Records from a dataset
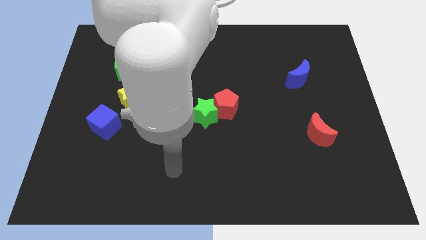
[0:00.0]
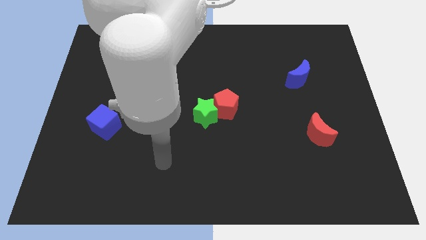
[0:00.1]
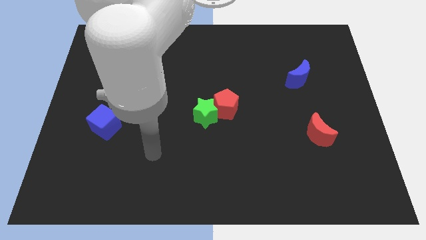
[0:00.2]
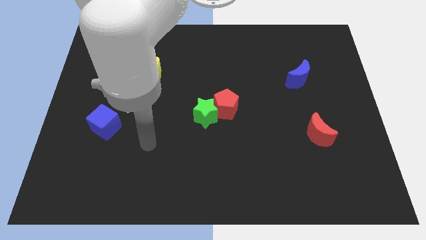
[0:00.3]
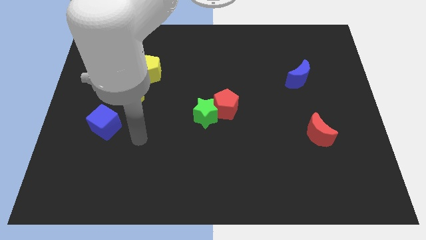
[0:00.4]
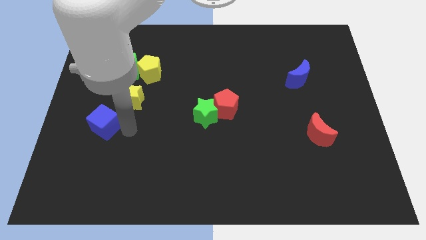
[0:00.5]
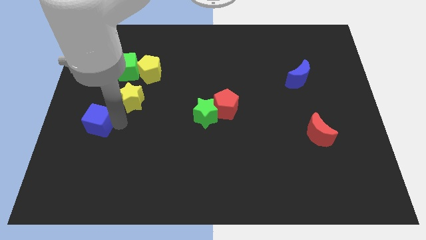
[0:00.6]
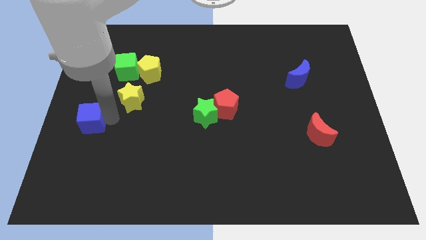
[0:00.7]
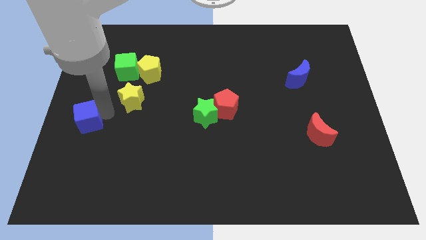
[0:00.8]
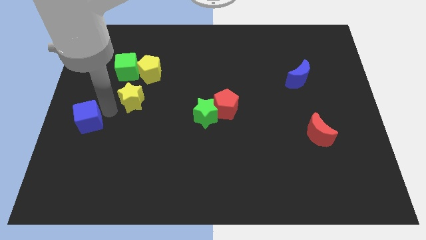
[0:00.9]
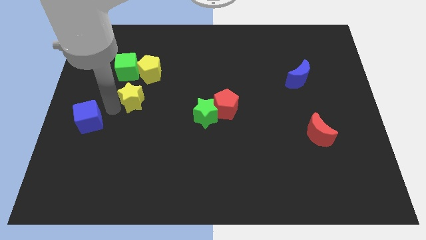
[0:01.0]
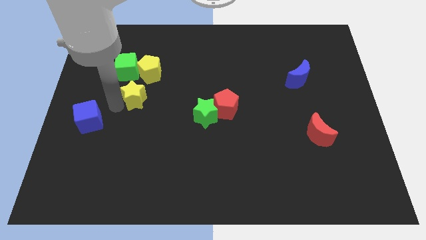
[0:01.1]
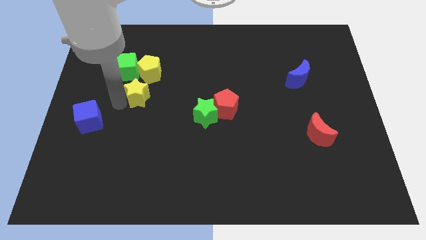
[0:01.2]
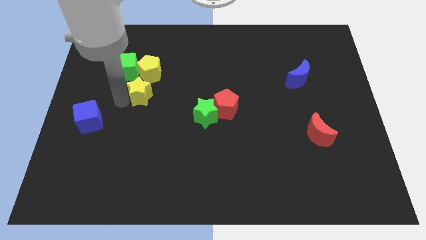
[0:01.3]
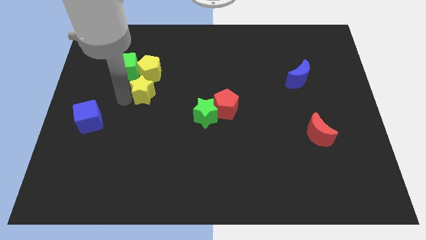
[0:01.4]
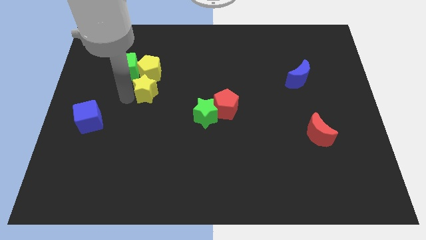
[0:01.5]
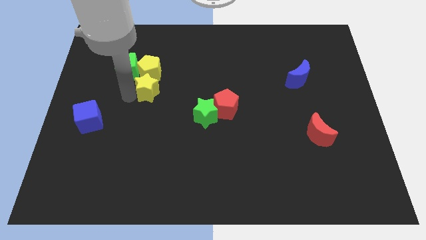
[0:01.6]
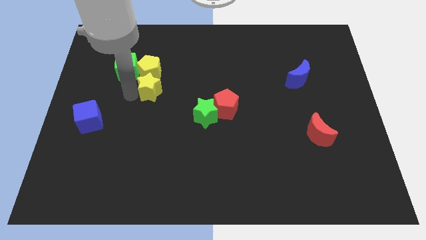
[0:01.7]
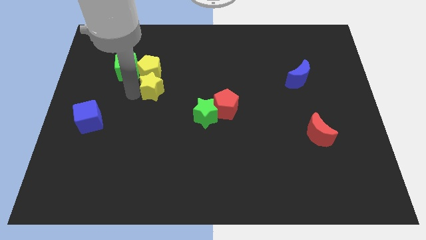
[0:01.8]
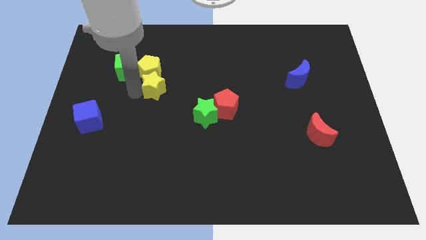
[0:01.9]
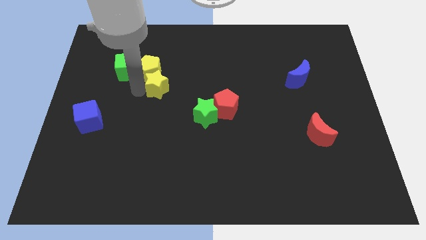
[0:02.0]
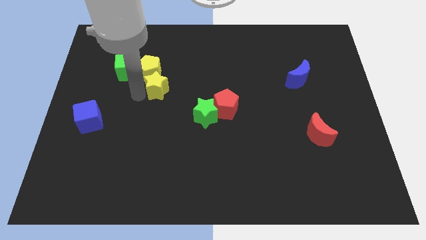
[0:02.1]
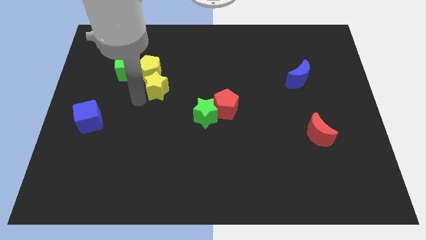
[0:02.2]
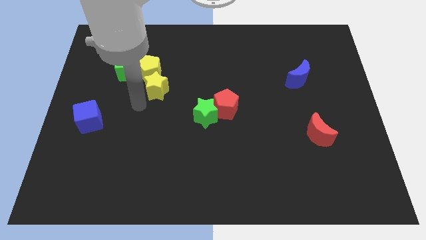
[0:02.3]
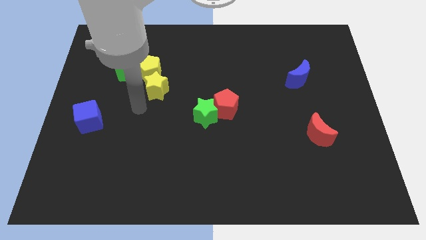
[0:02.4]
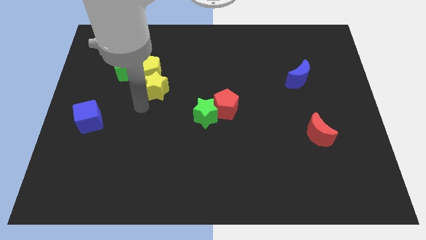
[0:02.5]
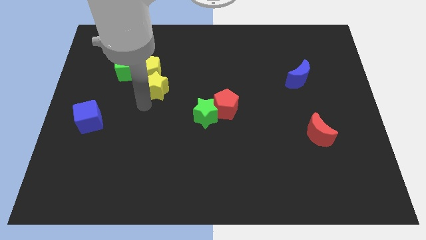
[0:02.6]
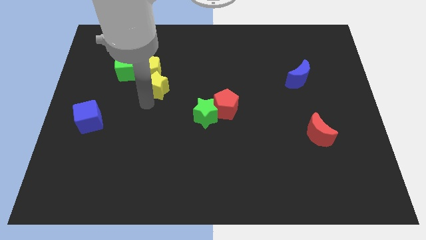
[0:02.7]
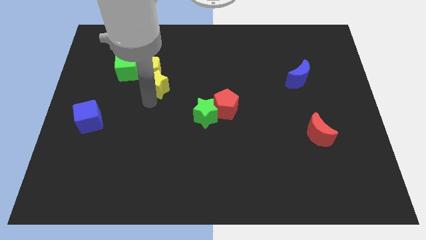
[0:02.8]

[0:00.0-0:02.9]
slide the yellow star a little up and then to the right

ASSIGNMENT: Without the pictures, print all of the records exactly.

THE COMPLETED TASK:
[0:00.0]
[0:00.1]
[0:00.2]
[0:00.3]
[0:00.4]
[0:00.5]
[0:00.6]
[0:00.7]
[0:00.8]
[0:00.9]
[0:01.0]
[0:01.1]
[0:01.2]
[0:01.3]
[0:01.4]
[0:01.5]
[0:01.6]
[0:01.7]
[0:01.8]
[0:01.9]
[0:02.0]
[0:02.1]
[0:02.2]
[0:02.3]
[0:02.4]
[0:02.5]
[0:02.6]
[0:02.7]
[0:02.8]

[0:00.0-0:02.9]
slide the yellow star a little up and then to the right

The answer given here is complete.